Skipping each picture, output the entries exactly as they stand below.

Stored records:
_ _ _ _ _ _ _
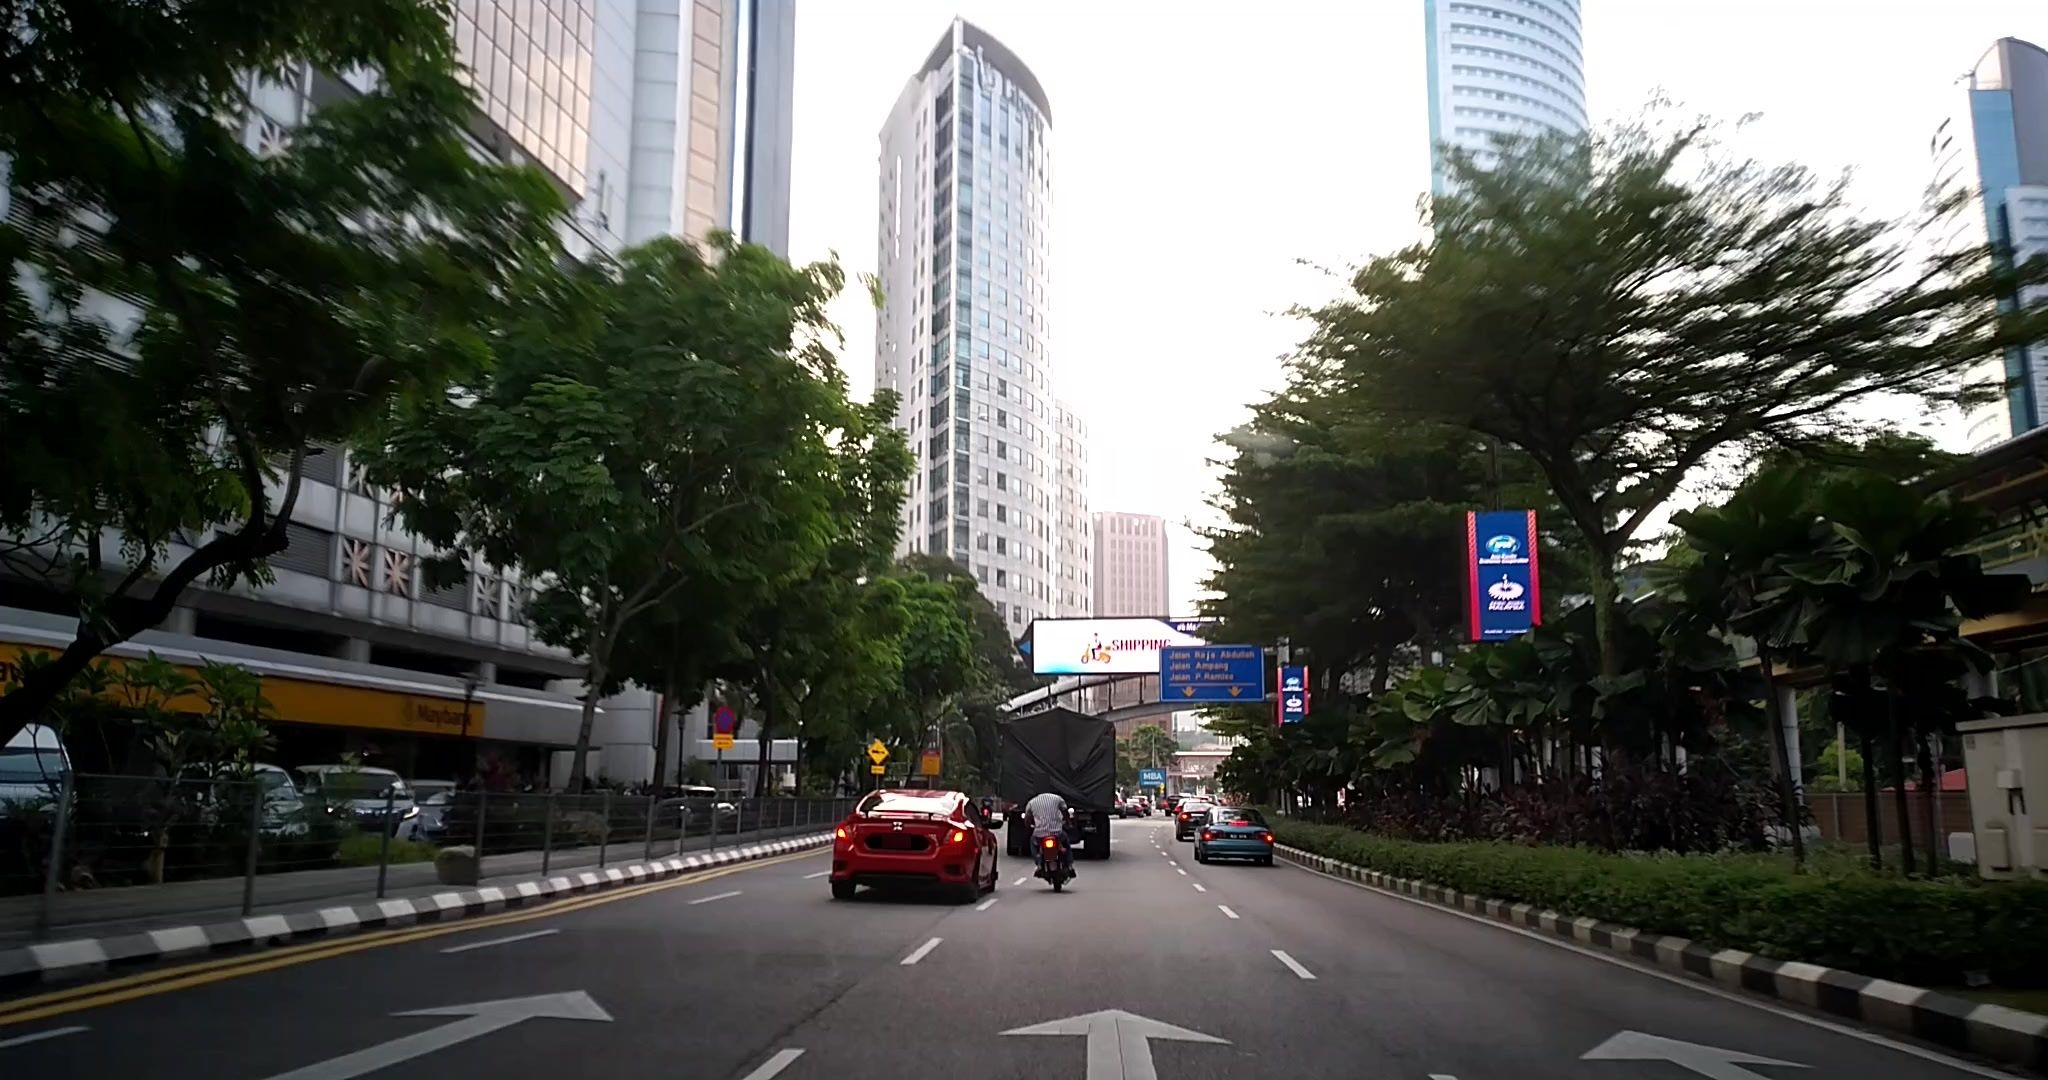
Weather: cloudy
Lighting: day
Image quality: good
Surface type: driving surface
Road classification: footway, track, steps
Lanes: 1
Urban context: urban centre
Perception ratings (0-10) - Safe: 8.09, Lively: 8.96, Beautiful: 3.66, Boring: 3.57, Depressing: 1.34, Wealthy: 7.12
_ _ _ _ _ _ _
EXPECTED OUTPUT:
Weather: cloudy
Lighting: day
Image quality: good
Surface type: driving surface
Road classification: footway, track, steps
Lanes: 1
Urban context: urban centre
Perception ratings (0-10) - Safe: 8.09, Lively: 8.96, Beautiful: 3.66, Boring: 3.57, Depressing: 1.34, Wealthy: 7.12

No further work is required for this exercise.